Lang and Sun (2012) point out that the openness of China’s A-share market and bond market is only 0.8 percent, which is the lowest among emerging economies. The stock markets of other emerging economies have openness of 26 percent on average, and 13 percent for bond markets. The gap in opening up between China and other emerging economies is huge. One reason may be because China’s government is taking a gradual approach to opening China’s capital markets. For example, with the approval of both the State Council and CSRC, Chinese financial companies can undertake transactions in overseas futures markets for the purposes of hedging. But the products they trade have to be approved by MOFCOM. There has been a worldwide trend to open up capital markets and encourage financial firms to go global. But Chinese firms are still quite weak in their competitiveness and international experience. In the banking field, domestic banks pay more attention to the innovation of financial products and services than to innovative internal mechanisms. China needs a strategy to open its capital market. Besides, in opening up China’s capital markets, China’s private firms, which are always at a disadvantage compared with SOEs in financial markets, should not be forgotten. When foreign investors ask for national treatment, Chinese private firms and investors should be borne in mind. The opening up of Chinese capital markets has two meanings: one is to open up the capital markets to domestic firms, particularly private firms; the other is to open them up to the world and foreign investors.

Summary

An efficient and developed capital market needs to be an opened market. As with China’s economic reform, China’s capital markets are being opened with a gradual strategy and under government planning and control. The openness follows the roadmap: China first opened the markets to foreign investors and let them enter China’s capital markets, and then allowed Chinese investors to go outside to invest. Chinese investors, investment banks and financial institutions are going global. They normally use Hong Kong as a bridge, through which they go global and also learn experience of going global. They establish offices and branches in Hong Kong. Hong Kong has been the largest and most important market for Chinese firms going global.

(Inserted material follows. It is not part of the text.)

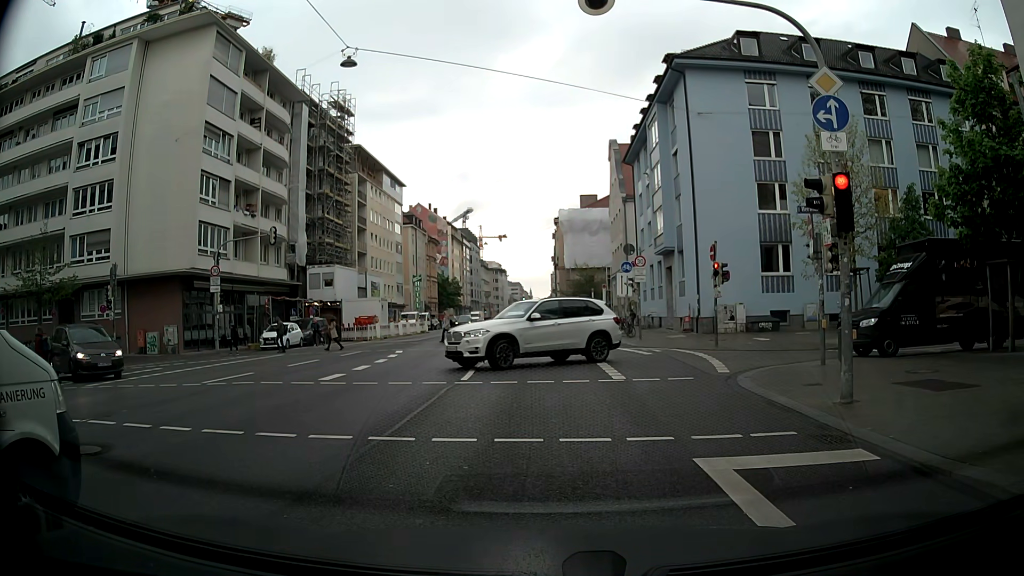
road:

When discussing the opening up of China’s capital markets, a simple question should be asked first: What is the purpose of opening up? If it is to cause a so-called Catfish Effect or Weever Effect that allows foreign investors to enter China’s capital markets, and by this to improve the efficiency of these markets, foreign investors should have some strength to influence them. However, given quite a small quota compared with the total market value, QFIIs’ influence has been quite limited. Meanwhile, China’s stock exchanges have not so far offered foreign companies an opportunity to raise capital. In addition, the capital markets are strictly regulated. There are requirements and approvals for foreign investments in China’s capital markets and Chinese investments abroad. The opening up of China’s capital markets is still at the beginning stage.

For Chinese financial firms, including securities firms, due to cultural conflicts and shortage of financial professionals for global markets, their performance in going global is still modest. How to overcome cultural differences and develop an appropriate management model and strategy to compete in global capital markets has been a common problem for most Chinese financial firms. Besides, opening up also has another meaning, which is to open the capital markets to China’s private firms and investors. It seems that the authorities are focusing on opening up China’s capital markets to foreign investors and allowing Chinese investors to go global, while ignoring the opening up of China’s capital markets to Chinese private firms.